## Task input
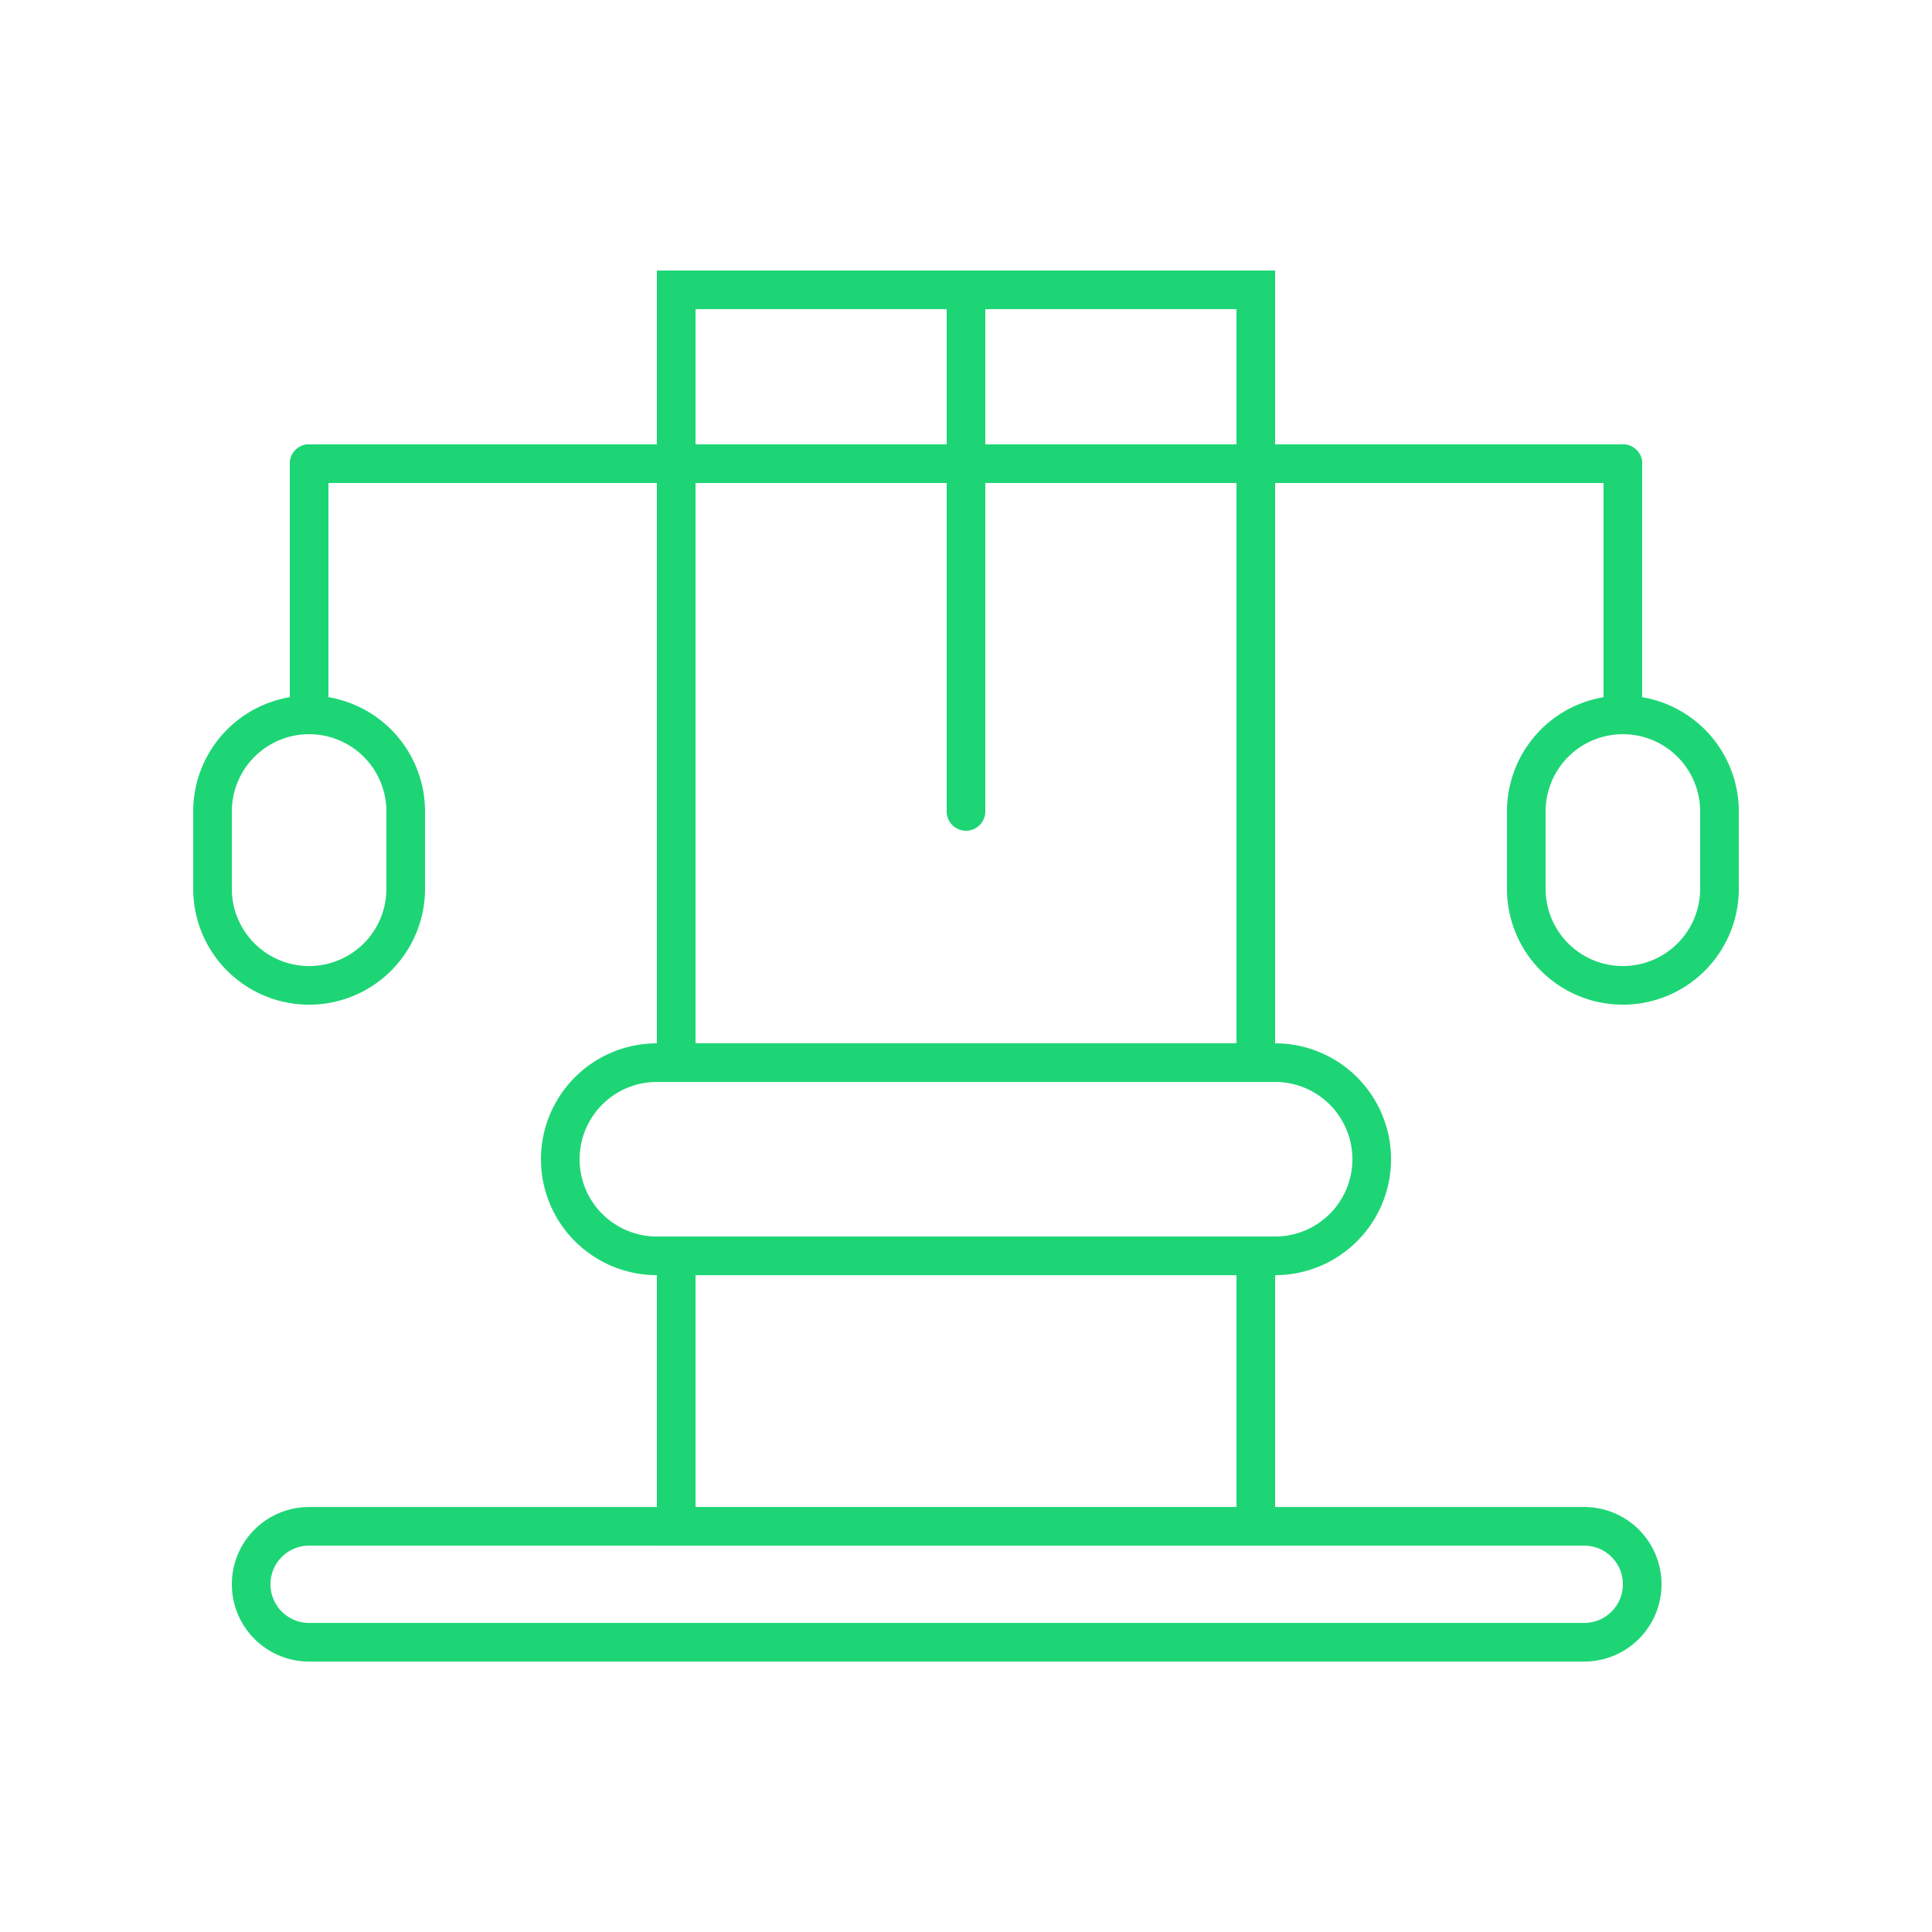 <svg xmlns="http://www.w3.org/2000/svg" xmlns:xlink="http://www.w3.org/1999/xlink" width="50" height="50" viewBox="0 0 50 50">
  <defs>
    <clipPath id="clip-path">
      <rect id="Rectangle_1189" data-name="Rectangle 1189" width="50" height="50" transform="translate(-7739 -21522)" fill="#fff" stroke="#1ed576" stroke-width="1"/>
    </clipPath>
  </defs>
  <g id="ara-trenazieri-hover" transform="translate(7739 21522)" clip-path="url(#clip-path)">
    <g id="trenazieri" transform="translate(-7814.96 -22232.105)">
      <path id="Rectangle_1183" data-name="Rectangle 1183" d="M1,1V20H15V1H1M0,0H16V21H0Z" transform="translate(92.96 717.106)" fill="#1ed576"/>
      <path id="Rectangle_1184" data-name="Rectangle 1184" d="M3,1A2,2,0,0,0,3,5H19a2,2,0,0,0,0-4H3M3,0H19a3,3,0,0,1,0,6H3A3,3,0,0,1,3,0Z" transform="translate(89.96 737.106)" fill="#1ed576"/>
      <path id="Rectangle_1185" data-name="Rectangle 1185" d="M3,1A2,2,0,0,0,1,3V5A2,2,0,0,0,5,5V3A2,2,0,0,0,3,1M3,0A3,3,0,0,1,6,3V5A3,3,0,0,1,0,5V3A3,3,0,0,1,3,0Z" transform="translate(80.96 728.106)" fill="#1ed576"/>
      <path id="Rectangle_1186" data-name="Rectangle 1186" d="M3,1A2,2,0,0,0,1,3V5A2,2,0,0,0,5,5V3A2,2,0,0,0,3,1M3,0A3,3,0,0,1,6,3V5A3,3,0,0,1,0,5V3A3,3,0,0,1,3,0Z" transform="translate(114.96 728.106)" fill="#1ed576"/>
      <path id="Rectangle_1187" data-name="Rectangle 1187" d="M2,1A1,1,0,0,0,2,3H35a1,1,0,0,0,0-2H2M2,0H35a2,2,0,0,1,0,4H2A2,2,0,0,1,2,0Z" transform="translate(81.96 749.106)" fill="#1ed576"/>
      <path id="Line_685" data-name="Line 685" d="M34,.5H0A.5.5,0,0,1-.5,0,.5.5,0,0,1,0-.5H34a.5.5,0,0,1,.5.5A.5.5,0,0,1,34,.5Z" transform="translate(83.96 722.105)" fill="#1ed576"/>
      <path id="Line_686" data-name="Line 686" d="M0,13.5A.5.5,0,0,1-.5,13V0A.5.5,0,0,1,0-.5.5.5,0,0,1,.5,0V13A.5.5,0,0,1,0,13.5Z" transform="translate(100.96 718.105)" fill="#1ed576"/>
      <path id="Line_687" data-name="Line 687" d="M0,6.5A.5.5,0,0,1-.5,6V0A.5.5,0,0,1,0-.5.5.5,0,0,1,.5,0V6A.5.5,0,0,1,0,6.5Z" transform="translate(83.96 722.105)" fill="#1ed576"/>
      <path id="Line_688" data-name="Line 688" d="M0,6.5A.5.5,0,0,1-.5,6V0A.5.5,0,0,1,0-.5.5.5,0,0,1,.5,0V6A.5.5,0,0,1,0,6.5Z" transform="translate(117.96 722.105)" fill="#1ed576"/>
      <path id="Rectangle_1188" data-name="Rectangle 1188" d="M1,1V7H15V1H1M0,0H16V8H0Z" transform="translate(92.96 742.106)" fill="#1ed576"/>
    </g>
  </g>
</svg>

## Exercise instructions
From top to bottom, restate the records above exactly and omit every picture.

## Reply to the exercise
 <svg xmlns="http://www.w3.org/2000/svg" xmlns:xlink="http://www.w3.org/1999/xlink" width="50" height="50" viewBox="0 0 50 50">
  <defs>
    <clipPath id="clip-path">
      <rect id="Rectangle_1189" data-name="Rectangle 1189" width="50" height="50" transform="translate(-7739 -21522)" fill="#fff" stroke="#1ed576" stroke-width="1"/>
    </clipPath>
  </defs>
  <g id="ara-trenazieri-hover" transform="translate(7739 21522)" clip-path="url(#clip-path)">
    <g id="trenazieri" transform="translate(-7814.96 -22232.105)">
      <path id="Rectangle_1183" data-name="Rectangle 1183" d="M1,1V20H15V1H1M0,0H16V21H0Z" transform="translate(92.96 717.106)" fill="#1ed576"/>
      <path id="Rectangle_1184" data-name="Rectangle 1184" d="M3,1A2,2,0,0,0,3,5H19a2,2,0,0,0,0-4H3M3,0H19a3,3,0,0,1,0,6H3A3,3,0,0,1,3,0Z" transform="translate(89.96 737.106)" fill="#1ed576"/>
      <path id="Rectangle_1185" data-name="Rectangle 1185" d="M3,1A2,2,0,0,0,1,3V5A2,2,0,0,0,5,5V3A2,2,0,0,0,3,1M3,0A3,3,0,0,1,6,3V5A3,3,0,0,1,0,5V3A3,3,0,0,1,3,0Z" transform="translate(80.96 728.106)" fill="#1ed576"/>
      <path id="Rectangle_1186" data-name="Rectangle 1186" d="M3,1A2,2,0,0,0,1,3V5A2,2,0,0,0,5,5V3A2,2,0,0,0,3,1M3,0A3,3,0,0,1,6,3V5A3,3,0,0,1,0,5V3A3,3,0,0,1,3,0Z" transform="translate(114.96 728.106)" fill="#1ed576"/>
      <path id="Rectangle_1187" data-name="Rectangle 1187" d="M2,1A1,1,0,0,0,2,3H35a1,1,0,0,0,0-2H2M2,0H35a2,2,0,0,1,0,4H2A2,2,0,0,1,2,0Z" transform="translate(81.96 749.106)" fill="#1ed576"/>
      <path id="Line_685" data-name="Line 685" d="M34,.5H0A.5.5,0,0,1-.5,0,.5.5,0,0,1,0-.5H34a.5.5,0,0,1,.5.5A.5.5,0,0,1,34,.5Z" transform="translate(83.96 722.105)" fill="#1ed576"/>
      <path id="Line_686" data-name="Line 686" d="M0,13.5A.5.5,0,0,1-.5,13V0A.5.5,0,0,1,0-.5.5.5,0,0,1,.5,0V13A.5.5,0,0,1,0,13.5Z" transform="translate(100.96 718.105)" fill="#1ed576"/>
      <path id="Line_687" data-name="Line 687" d="M0,6.5A.5.5,0,0,1-.5,6V0A.5.5,0,0,1,0-.5.5.5,0,0,1,.5,0V6A.5.5,0,0,1,0,6.5Z" transform="translate(83.96 722.105)" fill="#1ed576"/>
      <path id="Line_688" data-name="Line 688" d="M0,6.5A.5.5,0,0,1-.5,6V0A.5.5,0,0,1,0-.5.5.5,0,0,1,.5,0V6A.5.5,0,0,1,0,6.5Z" transform="translate(117.96 722.105)" fill="#1ed576"/>
      <path id="Rectangle_1188" data-name="Rectangle 1188" d="M1,1V7H15V1H1M0,0H16V8H0Z" transform="translate(92.96 742.106)" fill="#1ed576"/>
    </g>
  </g>
</svg>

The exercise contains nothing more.